[Stored data entries]
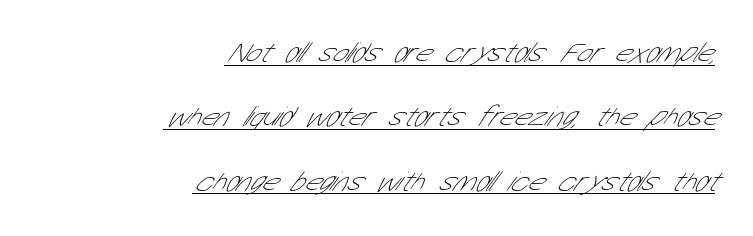
Q: Is the text bold? A: No.
Q: Is the typeface a serif or a sans-serif typeface? A: Sans-serif.
Q: Is the text underlined? A: Yes.
Q: How is the paragraph aligned? A: Right-aligned.
Q: Is the spacing between letters normal or unusually wide? A: Normal.
Q: Is the spacing between lines tight, normal or loose? A: Loose.
Q: Width (condensed, normal, or wide)? A: Condensed.
Q: Stroke contrast? A: Low.
Q: x-height? A: Medium.
Q: Monospaced? A: No.
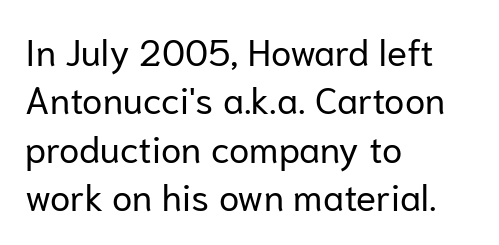
Q: Is the text bold? A: No.
Q: Is the text italic (slanted)? A: No, it is upright.
Q: Is the typeface a serif or a sans-serif typeface? A: Sans-serif.
Q: Is the text underlined? A: No.
Q: How is the paragraph aligned? A: Left-aligned.
Q: Is the spacing between letters normal or unusually wide? A: Normal.
Q: Is the spacing between lines tight, normal or loose? A: Normal.
Q: Width (condensed, normal, or wide)? A: Normal.
Q: Stroke contrast? A: Low.
Q: x-height? A: Medium.
Q: Monospaced? A: No.
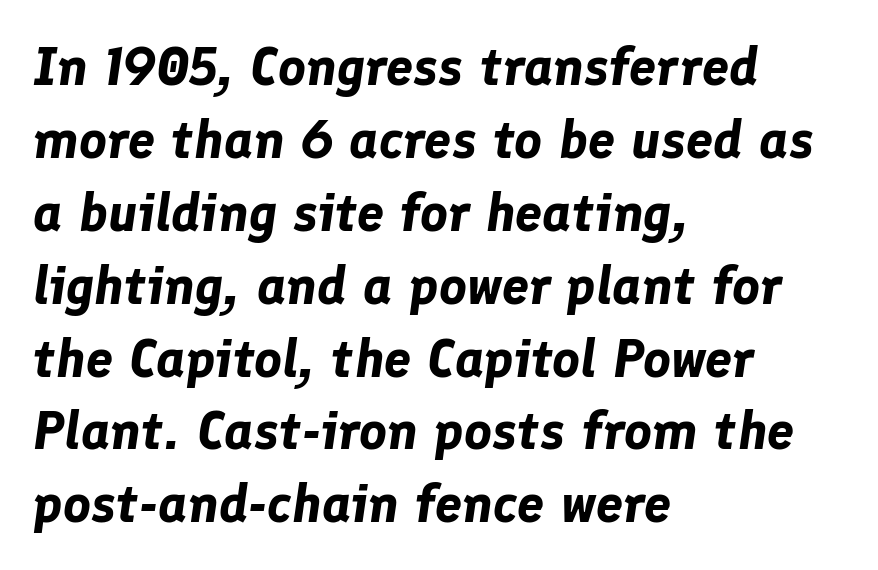
Which margin do the lines hug? The left one — the right edge is uneven. Chunky letters — that's bold for sure. This sample has the flowing, uneven cadence of proportional lettering. Regular leading. Words appear dense and cohesive because spacing is normal.
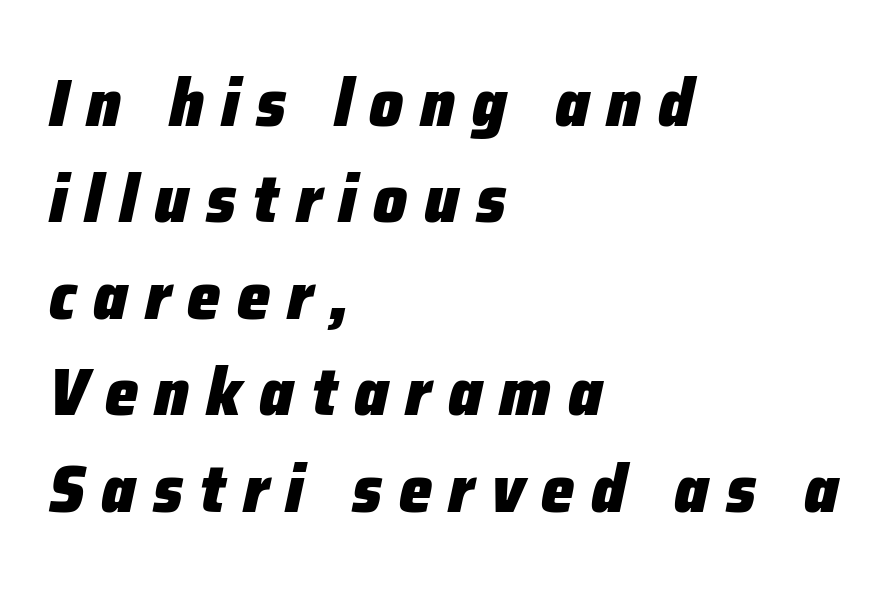
Q: Is the text bold? A: Yes.
Q: Is the text italic (slanted)? A: Yes, it leans right by about 12 degrees.
Q: Is the text underlined? A: No.
Q: How is the paragraph aligned? A: Left-aligned.
Q: Is the spacing between letters normal or unusually wide? A: Unusually wide.
Q: Is the spacing between lines tight, normal or loose? A: Normal.
Q: Width (condensed, normal, or wide)? A: Normal.
Q: Stroke contrast? A: Low.
Q: x-height? A: Medium.
Q: Monospaced? A: No.
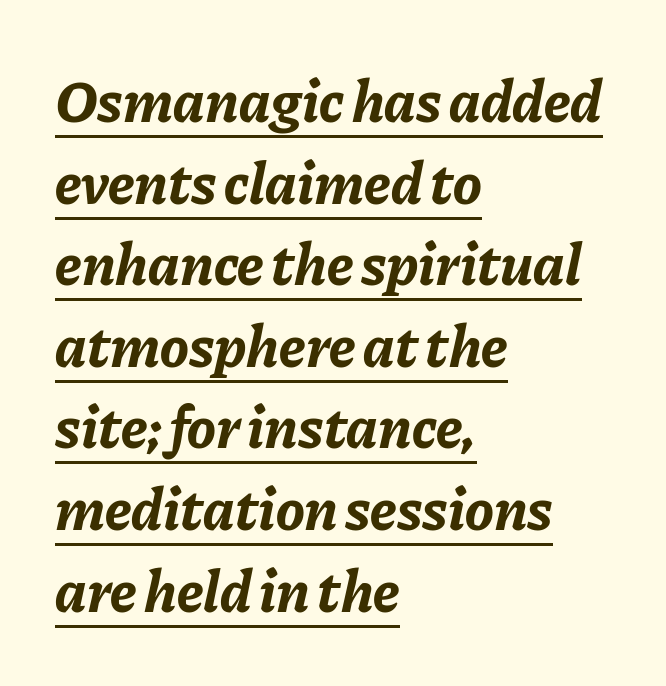
The image shows 60 px bold type, italic (leaning right); set left-aligned, normal line spacing (1.36x), normal letter spacing, underlined; low stroke contrast and a medium x-height.
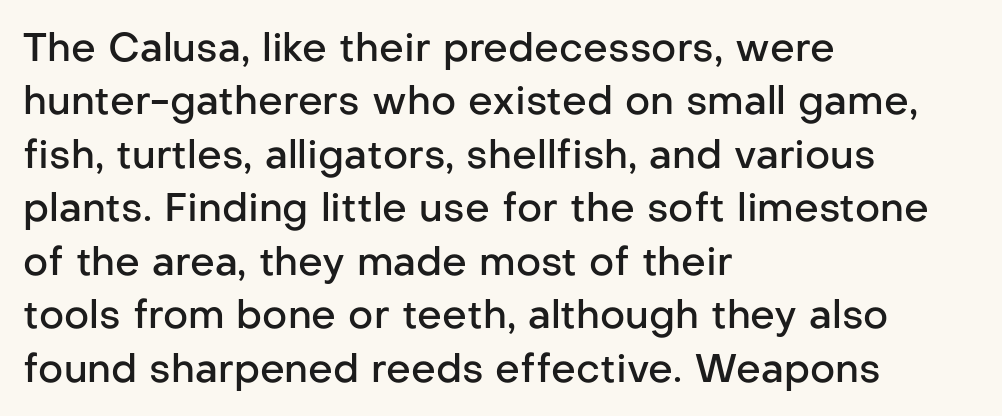
The image shows 39 px semibold sans-serif type, upright; set left-aligned, normal line spacing (1.37x), normal letter spacing, not underlined; low stroke contrast and a medium x-height.
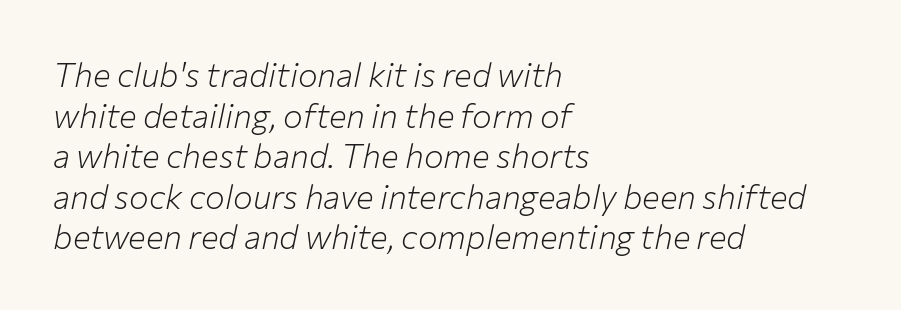
Underlining? Definitely not there. Here the glyphs are tracked normally, forming tight word shapes. You could not count columns in this text — the font is proportionally spaced. Where is the straight margin? On the left.
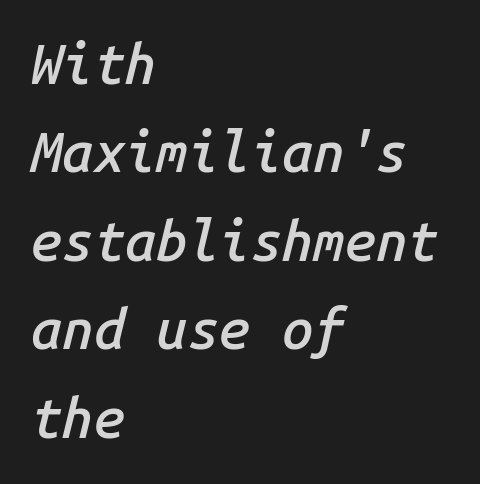
Q: Is the text bold? A: Semi-bold.
Q: Is the text italic (slanted)? A: Yes, it leans right by about 14 degrees.
Q: Is the text underlined? A: No.
Q: How is the paragraph aligned? A: Left-aligned.
Q: Is the spacing between letters normal or unusually wide? A: Normal.
Q: Is the spacing between lines tight, normal or loose? A: Normal.
Q: Width (condensed, normal, or wide)? A: Normal.
Q: Stroke contrast? A: Low.
Q: x-height? A: Medium.
Q: Monospaced? A: Yes.
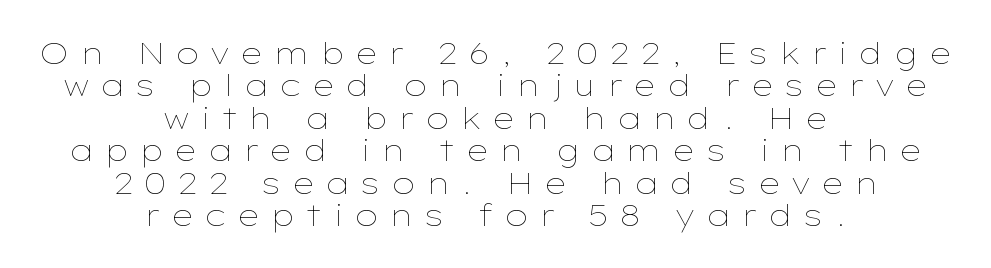
The image shows 30 px thin, wide type, upright; set centered, tight line spacing (1.08x), unusually wide letter spacing (+0.34 em), not underlined; low stroke contrast and a medium x-height.
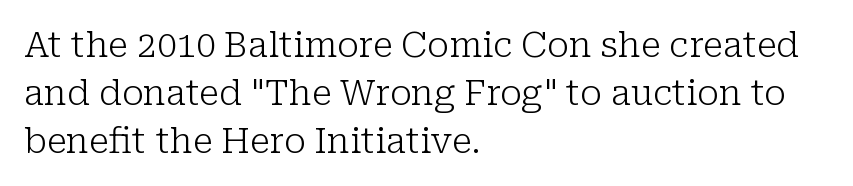
The image shows 35 px light serif type, upright; set left-aligned, normal line spacing (1.37x), normal letter spacing, not underlined; low stroke contrast and a medium x-height.
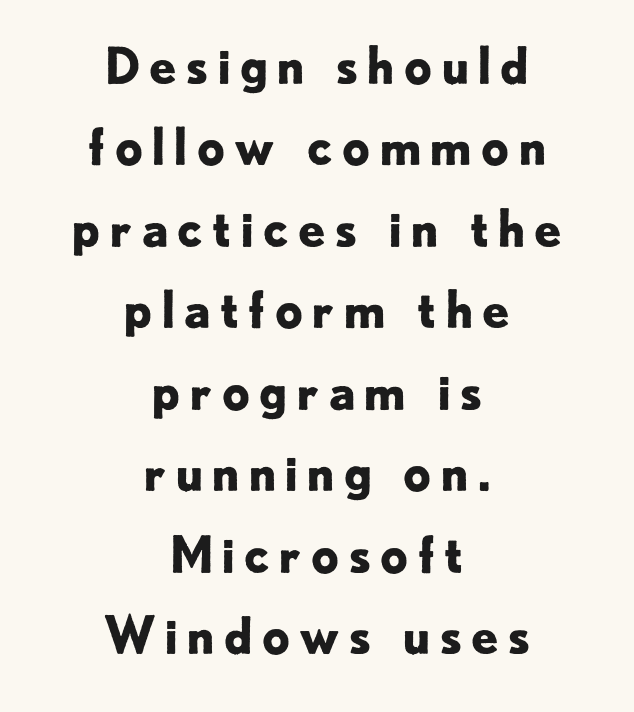
The image shows 50 px bold sans-serif type, upright; set centered, normal line spacing (1.63x), not underlined; low stroke contrast and a small x-height.
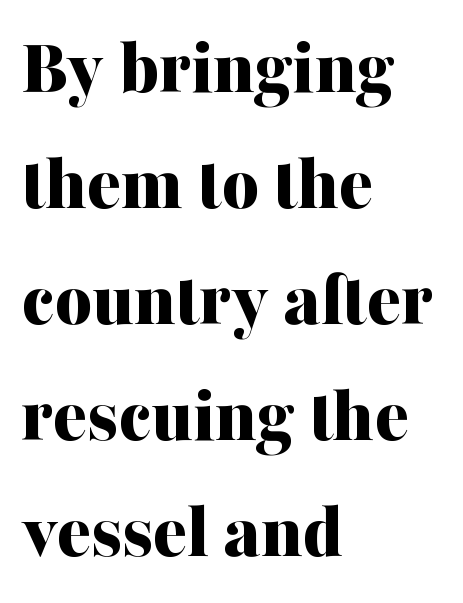
{"serif": "yes", "italic": "no", "bold": "yes", "weight": "bold", "width": "normal", "stroke_contrast": "medium", "x_height": "medium", "monospaced": "no", "underline": "no", "align": "left", "line_spacing": "normal", "line_spacing_ratio": 1.45, "letter_spacing": "normal", "letter_spacing_em": 0.0, "glyph_px": 80}
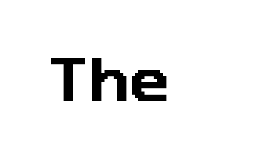
Here the designer chose a conventional face with non-uniform glyph widths. Type style note: lacks serifs. The strip under each line holds only bare page. Students, note that the glyphs here touch the page at normal intervals.
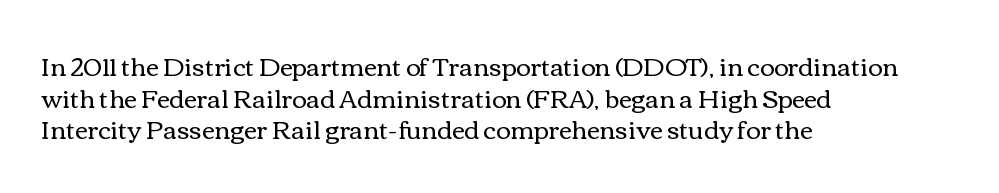
{"italic": "no", "bold": "no", "underline": "no", "align": "left", "line_spacing": "normal", "line_spacing_ratio": 1.27, "letter_spacing": "normal", "letter_spacing_em": 0.0, "glyph_px": 25}
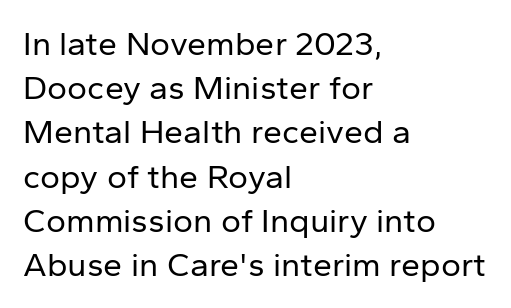
A roman cut, with each character standing at attention. A normal amount of white space separates one row of letters from the next. Is the block centered? No — it sits flush against the left margin. Proportional: the letters do not fall into vertical columns. Caption: standard tracking, unaltered.

Exercise: Copy out every line in the records where the word "about" is found.

Task result:
Q: Is the text italic (slanted)? A: Yes, it leans right by about 12 degrees.
Q: Is the text italic (slanted)? A: Yes, it leans right by about 14 degrees.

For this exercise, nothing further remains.